The following week, on May 26 and 27, the US participated in the G8 summit held in Deauville, Normandy, where world leaders and representatives from the IMF and World Bank discussed recent events in Egypt. At closing, they released the Declaration of the G8 on the Arab Spring, which outlines their intention to intervene in the Middle East and North Africa.

The report states, “The Deauville Partnership will develop an economic agenda that will enable reforming governments to meet their populations' aspiration for strong, comprehensive growth and help facilitate a free and democratic outcome to the political processes under way.”

It further states, “We call on multilateral development banks to deliver enhanced, frontloaded and coordinated support to Partnership Countries based on strong economic programs to strengthen governance and bolster the business climate.” The partnership countries highlighted are Egypt and Tunisia.

Negotiating With the Supreme Council of Armed Forces

Egypt is an appealing reform prospect for the US and IMF if there's a compliant partner. When Mubarak left office, he entrusted former members of his Interior Ministry with running the country. SCAF (Supreme Council of Armed Forces) has been the de facto government and they have continued if not enhanced many of their pre-revolution policies of repression.

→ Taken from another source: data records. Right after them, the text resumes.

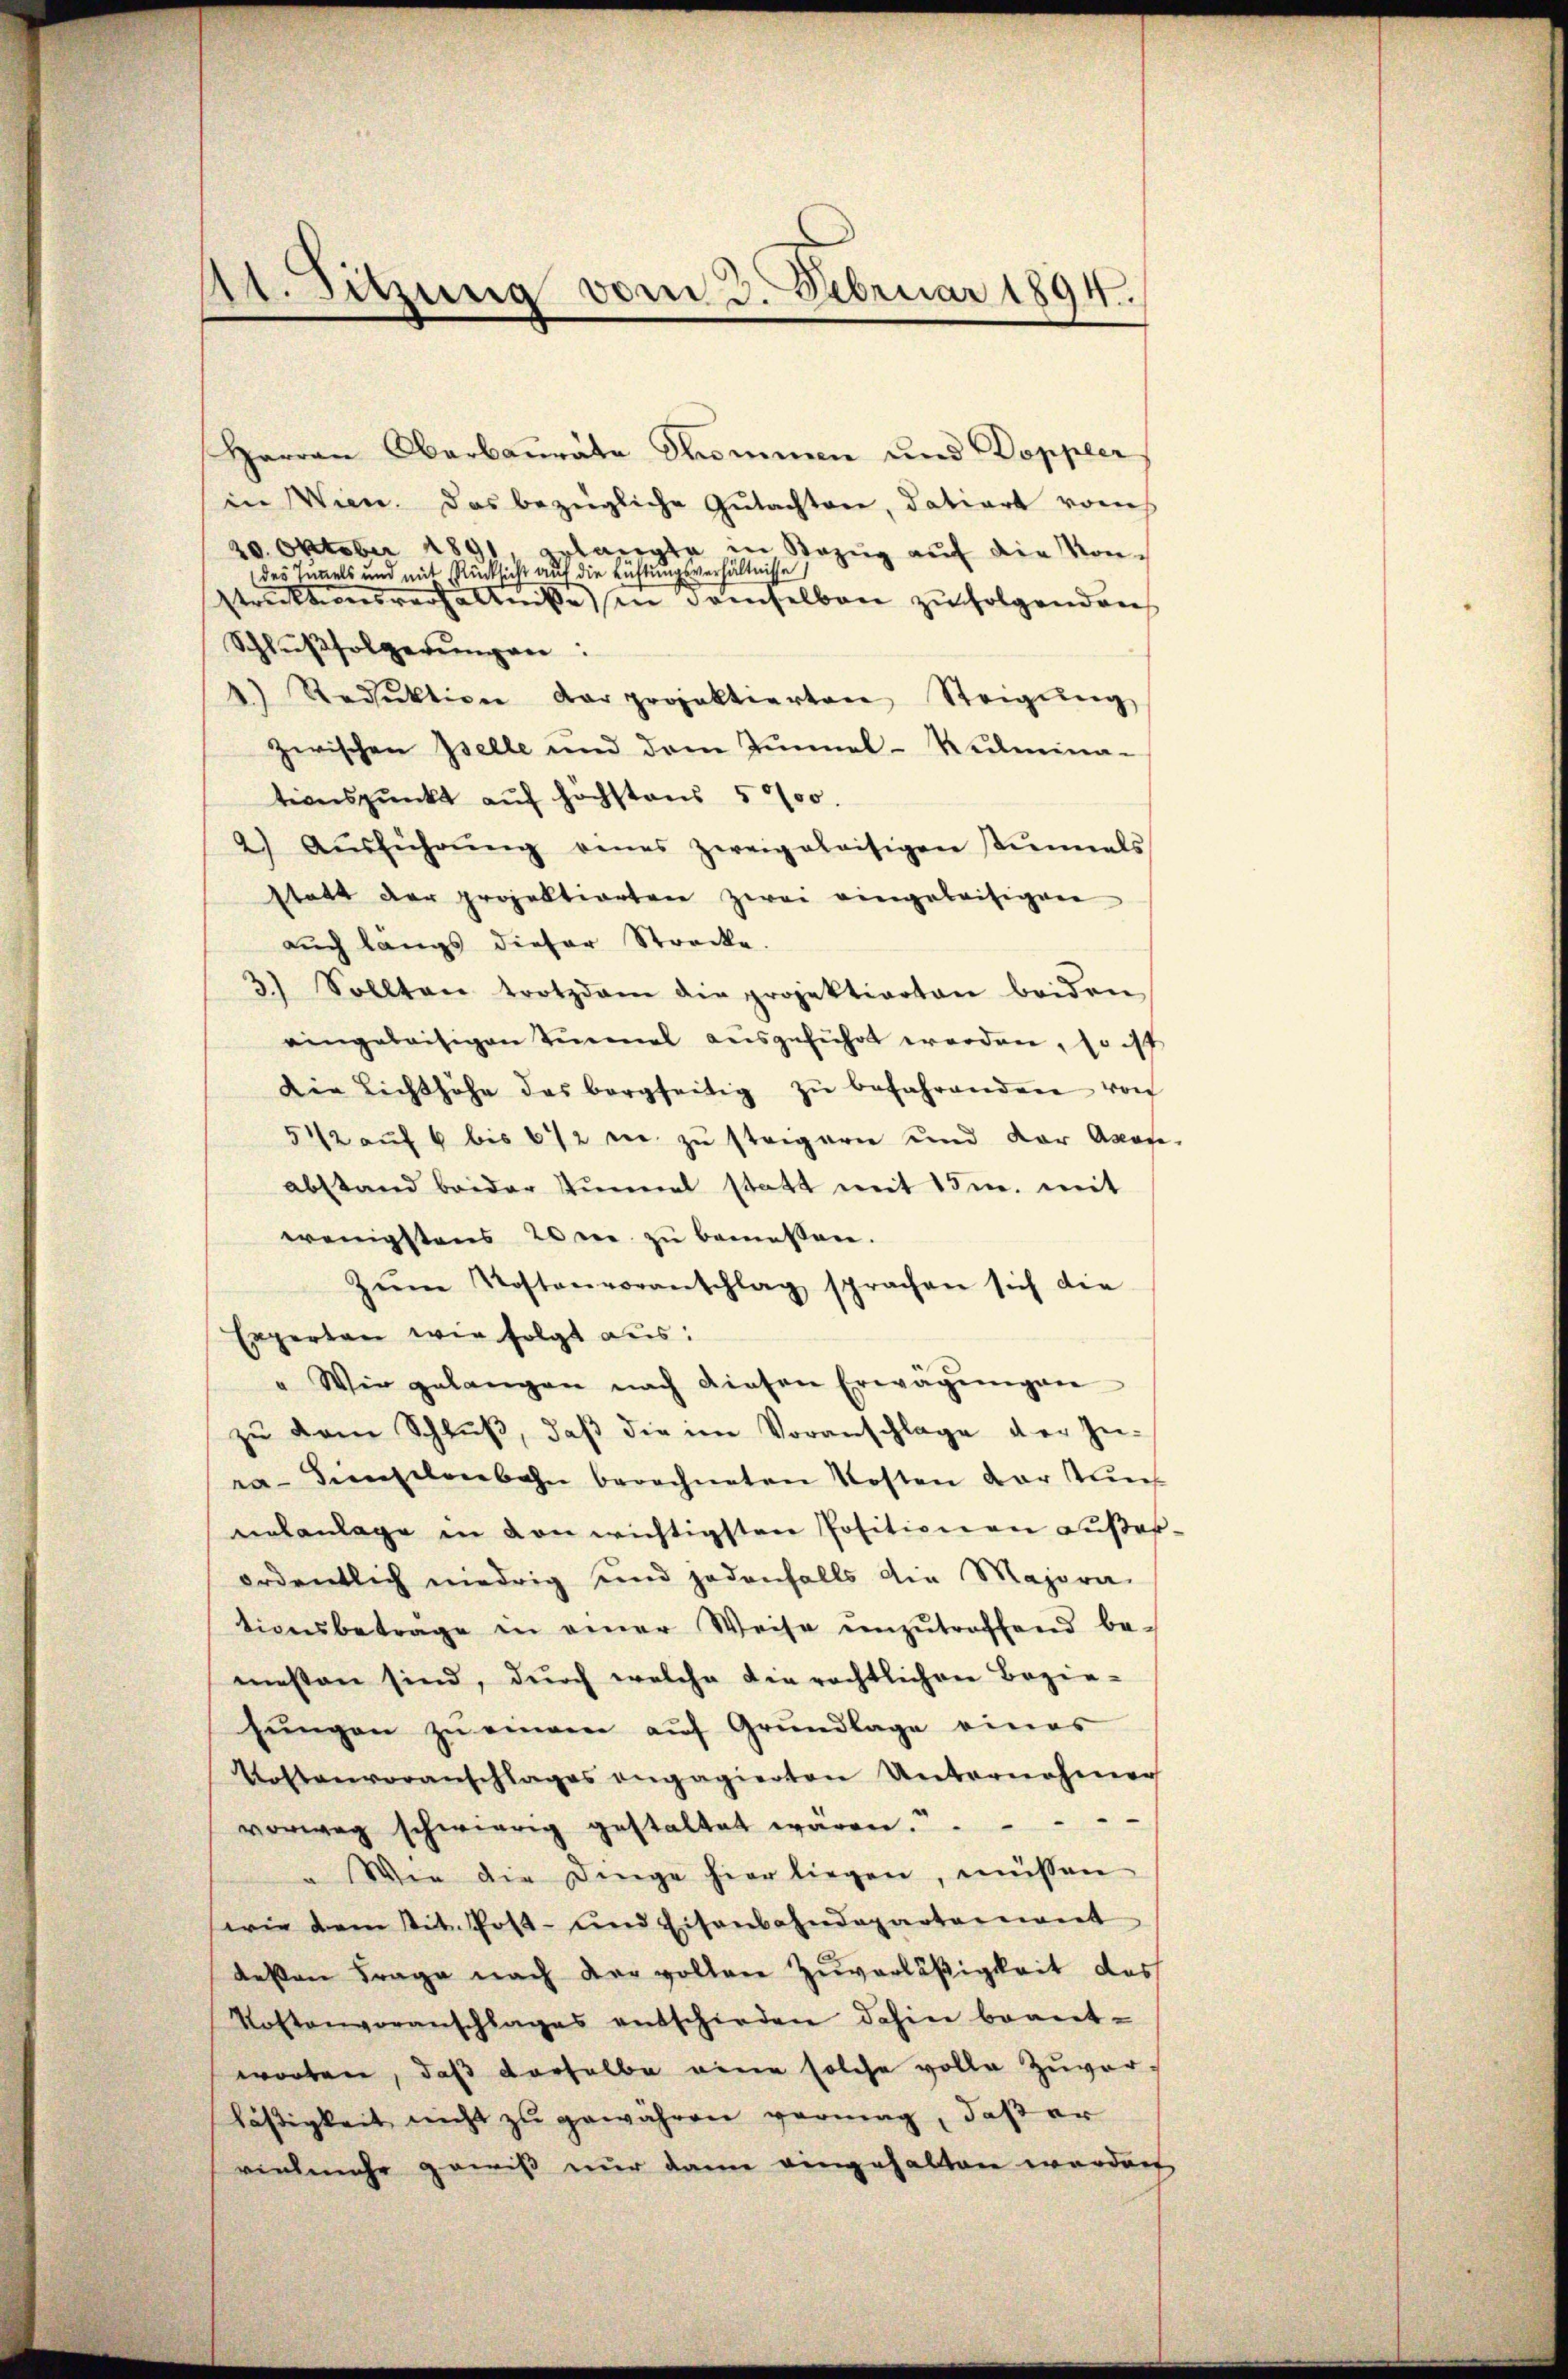
A. Sitzung vom 3. Februar 1894.

Herrn Oberbaurate Sommen und Doppler
in Wien. Das bezeigliche Gutachten, datiert von
20. Oktober 1891, erlangte in Bezug auf die Kondes Tunnels und mit Rücksicht auf die Lüftungsverhältnisse
struktionsverhältniße in demselben zufolgenden
Schlußfolgerungen:
4) Reduktion der projektierten Steigŭng
zwischen Iselle und dem Tunnel-Kulminationspŭnkt aŭf höchstens 5000.
2) Aŭsführŭng eines zweigeleisigen stinals
statt der projektierten zwei eingeleitigene
auch längs dieser Strecke.
3.) Sollten trotzdem die projektierten beiden
eingeleitigen Einmal aŭsgeführt erorden, so ist
Die Lichthöhe des bergseitig zŭ befahrenden von
51/2 auf 6 bis 672 die zu steigern und der Akade-
abstand beider Turnal statt mit 15m. mit
wenigstens 20m zu bemessen.
Zŭm Kostenvoranschlag sprachen sich die
Experten wir folgt aus:
" Wir gelangen nach diesen Erwägŭngen
zu dem Schluß, daß die im Voranschlage der In-
ra-dieselenbahn berechneten Kosten der Kuns
nalanlage in von wichtigsten Positionen Fußerordentlich niedrig und jedenfalls die Majora-
tionsbetrage in einer Weise unzutreffend be-
messen sind, durch welche die rechtlichen Bezie-
sŭngen zŭ einem aŭf Grŭndlage eines
Voftenvoranschlages engagierten Unternehmen
vorweg schwierig gestaltet waren.
a Wie die Dinge hier liegen, müssen
swie dem tit. Post- und Eisenbahndepartariant
deßen Frage nach der vollen Zuverläßigkeit das
Kostenvoranschlages entschieden dahin beantworten, daß derselbe eine solche volle Zuvor-
läßigkeit nicht zu gewähren vermag, daß er
vielmehr gewiß nur dann eingehalten worden

All of the articles outlawing freedom of expression are still in place. SCAF instituted an anti-strike law, which criminalizes public assembly that disrupts stability. There's also an anti-thuggery law, which is broadly used to target protesters. For expediency's sake, SCAF has also been using military trials. In early June, the military council announced that there had been over 7,000 military trials since the 25 January Revolution. Human rights advocates say it's likely closer to 10,000 and that these are mostly civilians, who should be tried in civilian courts.

SCAF is intent on preserving power by whatever means necessary and they're looking for assistance in doing it.

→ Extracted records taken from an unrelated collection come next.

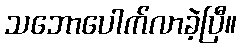
သဘောပေါက်လာခဲ့ပြီ။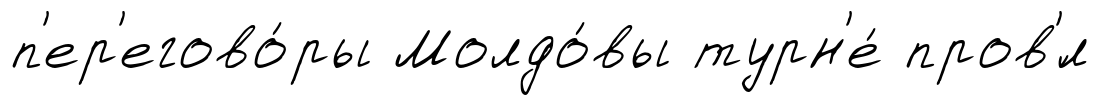
п'ер'егово́ры Молдо́вы турн'е́ пров'́л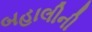
બહાલીની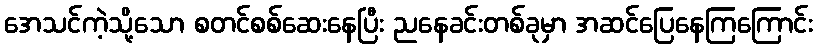
အေသင်ကဲ့သို့သော စတင်စစ်ဆေးနေပြီး ညနေခင်းတစ်ခုမှာ အဆင်ပြေနေကြကြောင်း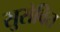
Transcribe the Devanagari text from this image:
सुसेवित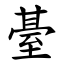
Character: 䑓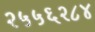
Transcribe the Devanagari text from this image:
२५५६२८४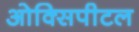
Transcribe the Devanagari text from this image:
ओक्सिपीटल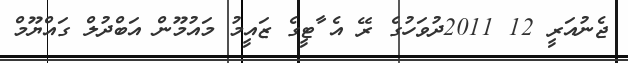
ޖެނުއަރީ 12 2011ދުވަހުގެ ރޭ އެ ާޓީގެ ޒައީމު މައުމޫން އަބްދުލް ގައްޔޫމް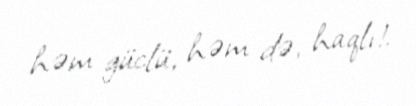
həm güclü, həm də, haqlı!.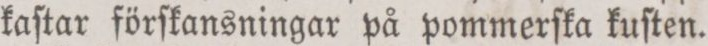
kaſtar förſkansningar på pommerſka kuſten.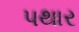
પથાર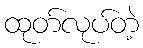
ထုတ်လုပ်တဲ့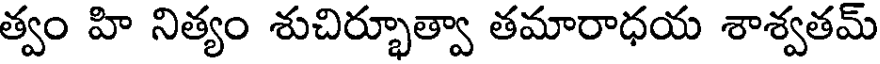
త్వం హి నిత్యం శుచిర్భూత్వా తమారాధయ శాశ్వతమ్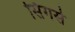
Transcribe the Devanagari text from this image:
सिंगर्स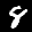
Label: 8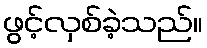
ဖွင့်လှစ်ခဲ့သည်။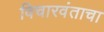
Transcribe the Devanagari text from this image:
विचारवंताचा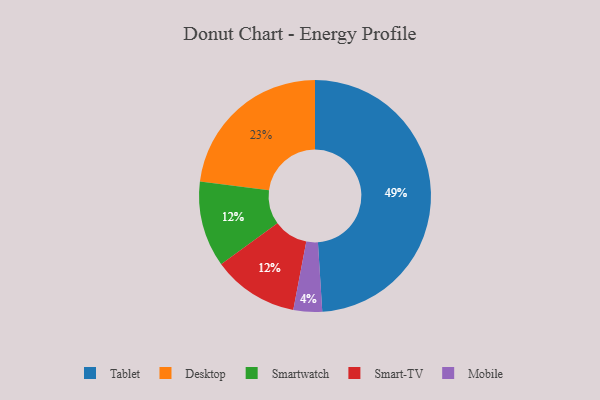
{"axis": {"x": "Category", "y": "Percentage"}, "legend": ["Desktop", "Mobile", "Smart-TV", "Smartwatch", "Tablet"], "data": [{"x": "Smartwatch", "y": 12, "type": "Smartwatch"}, {"x": "Desktop", "y": 23, "type": "Desktop"}, {"x": "Mobile", "y": 4, "type": "Mobile"}, {"x": "Smart-TV", "y": 12, "type": "Smart-TV"}, {"x": "Tablet", "y": 49, "type": "Tablet"}]}

The IMF has been in negotiations with SCAF since Deauville. On June 5, an agreement was reached in which the IMF would give Egypt a $3 billion loan to aid in its democratic transition. The potential new head of the IMF, French Finance Minister Christine Lagarde was in Cairo on June 12. According to AFP she told reporters that she was confident in her bid, especially after meetings in Cairo.

Continuing Resistance

Gallup-Abu Dhabi has released a report entitled, “Egypt from Tahrir to Transition: Egyptians on their assets and challenges and what leaders should do about it.” The report shows that most Egyptians are wary of support from the US and leading financial institutions, especially when it interferes with democratic process. Fifty-two percent of Egyptians oppose any form of economic aid from the US. Seventy-five percent of Egyptians oppose US economic aid to political groups. These polls were taken, also, during a time of uncertainty in Egypt.

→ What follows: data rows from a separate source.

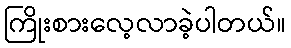
ကြိုးစားလေ့လာခဲ့ပါတယ်။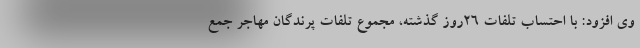
وی افزود: با احتساب تلفات ۲۶روز گذشته، مجموع تلفات پرندگان مهاجر جمع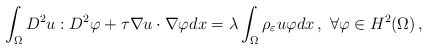
\begin{align*}\int_\Omega D^2u:D^2\varphi+\tau \nabla u\cdot\nabla\varphi dx=\lambda\int_\Omega\rho_{\varepsilon} u \varphi dx\,,\ \forall\varphi\in H^2(\Omega)\,,\end{align*}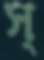
স্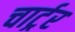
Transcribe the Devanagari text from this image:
चार्ट्रर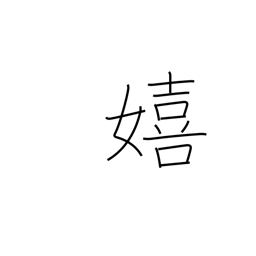
Meaning: glad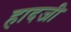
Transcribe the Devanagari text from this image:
हादजी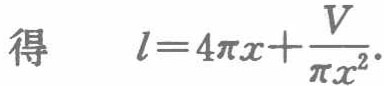
得\(l = 4\pi x+\frac{V}{\pi x^{2}}\)

The US and SCAF have made multiple attempts to reach out to the revolutionaries. Hillary Clinton attempted to meet with “the youth of the revolution,” but was met with criticism over US support of Mubarak. Waleed Rashed and Ahmed Maher of the April 6 movement told the American press, “The tear gas used against protestors in Tahrir Square was made in the US.” SCAF has repeatedly held meetings with youths, but has been unable to reach any agreement. During the National Dialogues held in early May, former National Democratic Party officials were in attendance, so members of April 6 and others walked out.

On May 27, the April 6 movement, 25 January Coalition, Youth Union, and other youth groups organized what they called the Second Rage Revolution in Tahrir Square. Tens of thousands came out in protest. There were several signs condemning the military and asking for the resignation of Tantawi, head of SCAF. One protester, a young man, a student at The American University in Cairo, said, “There hasn't been enough change. Mubarak was a symbol of all that's wrong with this country.”

The 25 January was just the beginning of an ongoing revolution in Egypt. The military and its Western partners are attempting to maintain stability, but strikes and protests continue. It is unclear how the balance of power will tip.